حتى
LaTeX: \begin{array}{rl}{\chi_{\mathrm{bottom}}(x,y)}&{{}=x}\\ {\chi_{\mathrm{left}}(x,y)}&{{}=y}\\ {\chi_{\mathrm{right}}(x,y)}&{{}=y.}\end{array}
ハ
···
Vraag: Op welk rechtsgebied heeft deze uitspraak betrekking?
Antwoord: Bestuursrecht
···
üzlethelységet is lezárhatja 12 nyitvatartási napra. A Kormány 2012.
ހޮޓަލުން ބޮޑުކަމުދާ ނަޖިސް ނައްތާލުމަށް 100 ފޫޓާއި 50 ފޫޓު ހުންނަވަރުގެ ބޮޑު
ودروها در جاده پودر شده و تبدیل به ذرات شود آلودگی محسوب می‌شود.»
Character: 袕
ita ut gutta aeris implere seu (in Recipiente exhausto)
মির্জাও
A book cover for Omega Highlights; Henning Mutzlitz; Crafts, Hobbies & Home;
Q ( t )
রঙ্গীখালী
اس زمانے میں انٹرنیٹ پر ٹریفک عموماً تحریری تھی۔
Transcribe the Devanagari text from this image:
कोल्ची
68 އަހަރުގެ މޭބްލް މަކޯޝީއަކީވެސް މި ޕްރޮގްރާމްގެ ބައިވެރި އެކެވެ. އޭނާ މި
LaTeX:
···
* WHAT THE TASK REQUIRES:
In the records above, the line with "Vraag: Op welk" marks the start and the line with "Antwoord: Bestuursrecht" marks the end; copy that stretch exactly, both lines included, and nothing else.

* TASK ANSWER:
Vraag: Op welk rechtsgebied heeft deze uitspraak betrekking?
Antwoord: Bestuursrecht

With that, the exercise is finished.